Pipeline requirements

  • Every LLM call must be tagged before it fires — retrofitting tags is painful
  • Calculate cost at emission time (store raw tokens + derive cost on query)
  • Include task_success signal — needed for cost per successful task metric
  • Retention: keep 13 months minimum for year-over-year comparison
  • Latency of pipeline: near-realtime (under 5 minutes) for anomaly alerting to be useful

Unit Economics

Unit economics frames AI cost in terms of business outcomes — the language of product and finance, not engineering. Without unit economics, you cannot make a business case for AI investment or assess whether AI is cost-effective compared to alternatives.

Use caseUnit metricBusiness frame
Customer support chatbotCost per resolved ticketCompare to cost per human-resolved ticket; break-even analysis
Document processingCost per document processedCompare to manual processing cost; volume threshold for ROI
Code assistantCost per developer per dayAssess against productivity lift; licence vs build decision
B2B SaaS AI featureAI COGS per customer per monthEnsure AI COGS is below the margin you need; inform feature pricing

Anomaly Alerts

  • Daily spend > 2× rolling 7-day average → alert immediately; investigate before spend continues
  • Single use case consuming > 50% of total daily budget → ring-fence with use-case budget cap
  • Per-request cost P95 growing > 30% week-over-week → prompt or context length drift
  • Cache hit rate dropping > 20% from baseline → system prompt or prefix changed; verify intentional
  • Zero spend on a use case that is normally active → possible silent failure or routing error

Chargeback Model

Allocating AI costs to the teams that generate them creates accountability and motivates efficient use. Teams that see their AI bill are more likely to optimise prompts, use appropriate model tiers, and question whether a use case justifies its cost.

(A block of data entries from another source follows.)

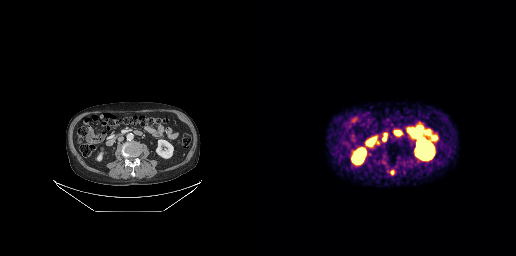
modality: PSMA PET/CT | tracer: 68Ga | view: axial | PET grid: 256×256
Coordinates are on the 256×256 PET (right) panel. PSMA-avid tumor lesion bounding boxes (x0,y0,x1,y1): [130,170,134,174], [115,141,119,144], [144,161,149,164]. Small PSMA-avid focus (2 to 4 px across) near (center x, center y): (137, 165).
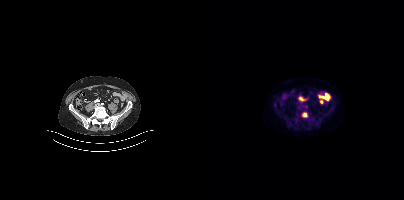
{"modality":"PSMA PET/CT","view":"axial","tracer":"18F","pet_grid":[200,200],"coord_frame":"pet_panel","coord_format":"x0,y0,x1,y1","lesion_bboxes":[[98,112,103,116]]}
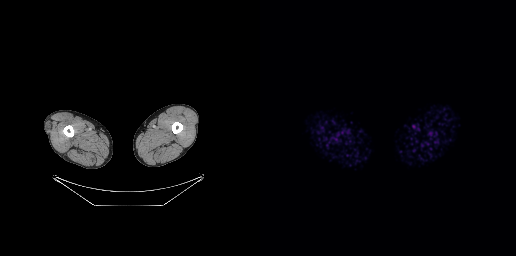
Two-panel axial: CT | PSMA PET, 18F-PSMA tracer. Acquired on GE Discovery 690. Slice position z = -920 mm. No tumor lesions annotated on this slice.
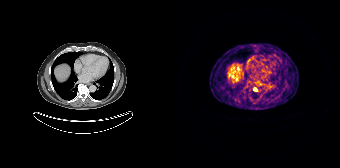
Paired axial CT (left) and PSMA PET (right), 68Ga-PSMA tracer. Acquired on Siemens Biograph 64-4R TruePoint. Slice position z = 1491 mm. PET panel 168×168 px (4.1 mm/px). Coordinates are on the 168×168 PET (right) panel. PSMA-avid tumor lesion bounding box (x, y, width, height): x=81 y=88 w=5 h=4.
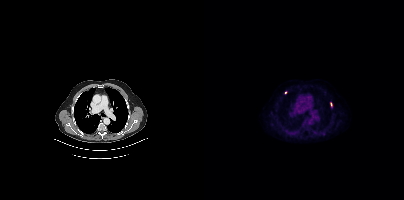
{"modality":"PSMA PET/CT","view":"axial","tracer":"[18F]PSMA-1007","pet_grid":[200,200],"coord_frame":"pet_panel","coord_format":"x0,y0,x1,y1","lesion_bboxes":[],"small_foci_centers":[[81,92],[127,104]]}
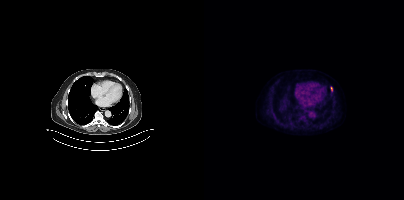
Paired axial CT (left) and PSMA PET (right), 18F tracer. Acquired on Siemens Biograph mCT Flow 20. Slice position z = -1082 mm. PET panel 200×200 px (4.1 mm/px). Coordinates are on the 200×200 PET (right) panel. Small PSMA-avid focus (2 to 4 px across) near (center x, center y): (127, 88).
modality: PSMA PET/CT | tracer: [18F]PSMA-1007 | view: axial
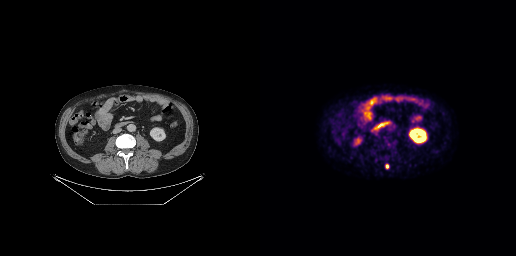
Coordinates are on the 256×256 PET (right) panel. PSMA-avid tumor lesion bounding box (x0,y0,x1,y1): [125,164,128,168].
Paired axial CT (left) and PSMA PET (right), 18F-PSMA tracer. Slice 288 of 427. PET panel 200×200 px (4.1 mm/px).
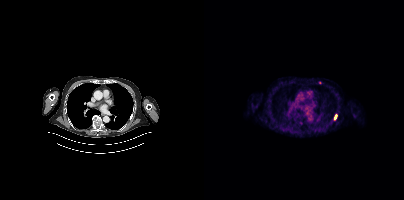
Coordinates are on the 200×200 PET (right) panel. PSMA-avid tumor lesion bounding box (x, y, width, height): x=130 y=114 w=3 h=6.
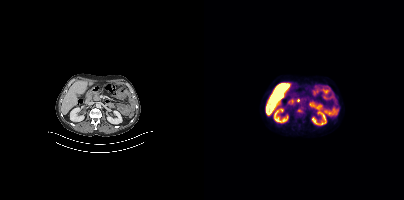
Coordinates are on the 200×200 PET (right) panel. Small PSMA-avid focus (2 to 4 px across) near (center x, center y): (95, 110). Paired axial CT (left) and PSMA PET (right), 18F tracer. Acquired on Siemens Biograph mCT Flow 20.
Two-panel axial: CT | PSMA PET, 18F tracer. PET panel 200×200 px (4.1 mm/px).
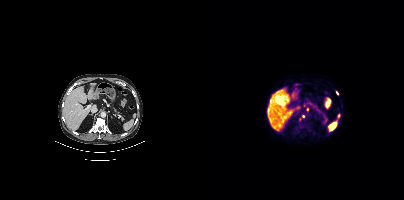
Coordinates are on the 200×200 PET (right) panel. Small PSMA-avid foci (2 to 4 px across) near (center x, center y): (103, 109) / (99, 116) / (133, 93).
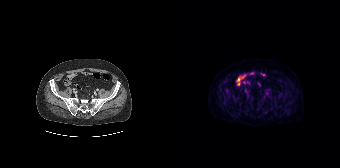
{"modality":"PSMA PET/CT","view":"axial","tracer":"18F","pet_grid":[168,168],"coord_frame":"pet_panel","coord_format":"x0,y0,x1,y1","lesion_bboxes":[],"small_foci_centers":[[54,90]]}
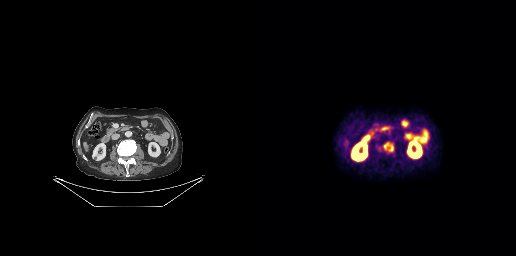
modality: PSMA PET/CT | tracer: 18F-PSMA | view: axial
Coordinates are on the 256×256 PET (right) panel. PSMA-avid tumor lesion bounding box (x0,y0,x1,y1): [123,142,133,152].
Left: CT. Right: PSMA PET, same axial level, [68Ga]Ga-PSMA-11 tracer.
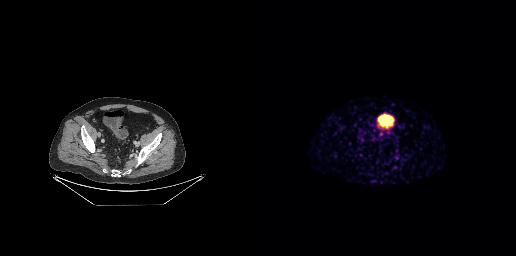
Negative for PSMA-avid disease on this slice.
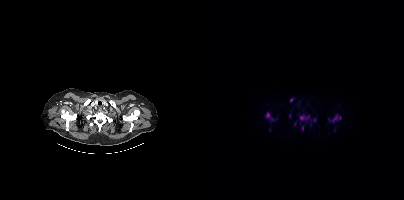
Findings: Coordinates are on the 200×200 PET (right) panel. (showing 9 of 11 foci) PSMA-avid tumor lesion bounding boxes (x, y, width, height): x=61 y=112 w=10 h=10 / x=95 y=115 w=11 h=6 / x=128 y=115 w=10 h=8 / x=98 y=126 w=2 h=5. Small PSMA-avid foci (2 to 4 px across) near (center x, center y): (87, 99) / (110, 119) / (85, 116) / (90, 124) / (125, 119).
Technique: Left: CT. Right: PSMA PET, same axial level, [18F]PSMA-1007 tracer. slice position z = -1087 mm. PET panel 200×200 px (4.1 mm/px).
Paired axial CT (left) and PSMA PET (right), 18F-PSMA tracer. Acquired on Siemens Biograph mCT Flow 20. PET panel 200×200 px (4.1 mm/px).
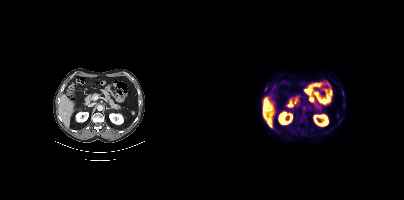
Coordinates are on the 200×200 PET (right) panel. Small PSMA-avid foci (2 to 4 px across) near (center x, center y): (62, 88), (138, 91).
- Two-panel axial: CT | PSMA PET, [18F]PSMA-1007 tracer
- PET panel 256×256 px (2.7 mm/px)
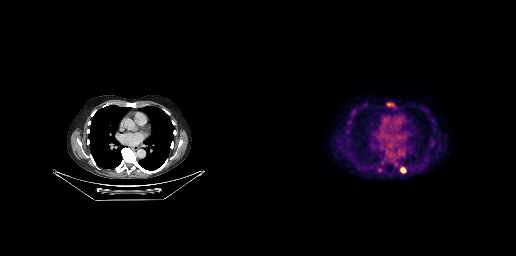
Findings: Coordinates are on the 256×256 PET (right) panel. (showing 3 of 6 foci) PSMA-avid tumor lesion bounding boxes (x, y, width, height): x=126 y=150 w=9 h=8 / x=141 y=168 w=5 h=5. Small PSMA-avid focus (2 to 4 px across) near (center x, center y): (135, 164).
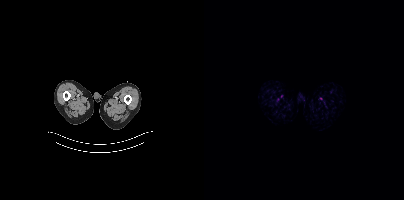
Technique: Paired axial CT (left) and PSMA PET (right), [18F]PSMA-1007 tracer. acquired on Siemens Biograph mCT Flow 20. PET panel 200×200 px (4.1 mm/px).
Findings: This slice has no annotated PSMA-avid lesion.
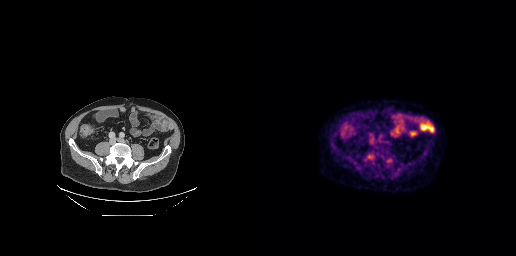
- Left: CT. Right: PSMA PET, same axial level, [18F]PSMA-1007 tracer
Findings: Coordinates are on the 256×256 PET (right) panel. PSMA-avid tumor lesion bounding boxes (x0, y0)-(x1, y1): (126, 158)-(132, 162) | (108, 155)-(112, 159).
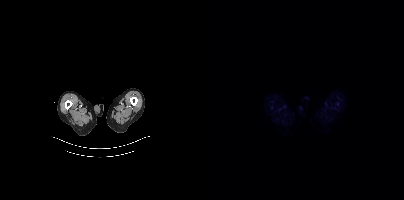
- Paired axial CT (left) and PSMA PET (right), 18F tracer
- slice position z = -1538 mm
Findings: Negative for PSMA-avid disease on this slice.
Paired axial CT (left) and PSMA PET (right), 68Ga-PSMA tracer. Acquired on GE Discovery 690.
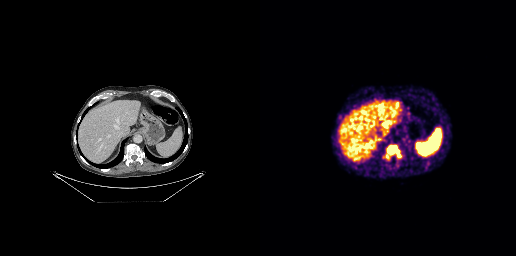
Coordinates are on the 256×256 PET (right) panel. PSMA-avid tumor lesion bounding boxes (partial; 1 more focus not listed):
| # | x0 | y0 | x1 | y1 |
|---|---|---|---|---|
| 1 | 123 | 146 | 138 | 160 |
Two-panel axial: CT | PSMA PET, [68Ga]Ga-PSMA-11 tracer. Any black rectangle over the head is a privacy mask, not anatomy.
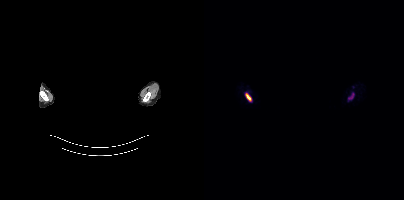
Coordinates are on the 200×200 PET (right) panel. PSMA-avid tumor lesion bounding boxes (x0, y0)-(x1, y1): (41, 93)-(47, 101) / (144, 95)-(149, 99).
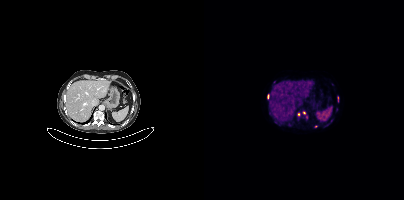
{"modality":"PSMA PET/CT","view":"axial","tracer":"68Ga","pet_grid":[200,200],"coord_frame":"pet_panel","coord_format":"x0,y0,x1,y1","partial":true,"lesion_bboxes":[[99,112,104,119],[133,96,134,102],[63,94,64,98]],"small_foci_centers":[[112,126],[94,114],[70,81]]}

  • Tag every LLM call with a team identifier at call time — not retroactively
  • Report monthly chargeback in the same cycle as infrastructure chargebacks
  • Provide teams with access to their own engineering view dashboard — they should be able to investigate their own costs
  • Do not surprise teams with large bills — set soft-limit alerts at 80% of team budget so they can act before month-end

Checklist: Do You Understand This?

  • What are the three dashboard views an AI cost measurement system should provide, and who is the audience for each?
  • Why must cost metadata be emitted at call time rather than retroactively attributed?
  • What is cost per successful task, and why is it more useful than cost per request for business stakeholders?
  • At what anomaly threshold should a daily spend alert fire, and what is the investigation workflow?
  • Define unit economics for an AI-powered recruiting tool that screens CVs.
  • Why does a chargeback model create cost efficiency incentives — what behaviour does it change?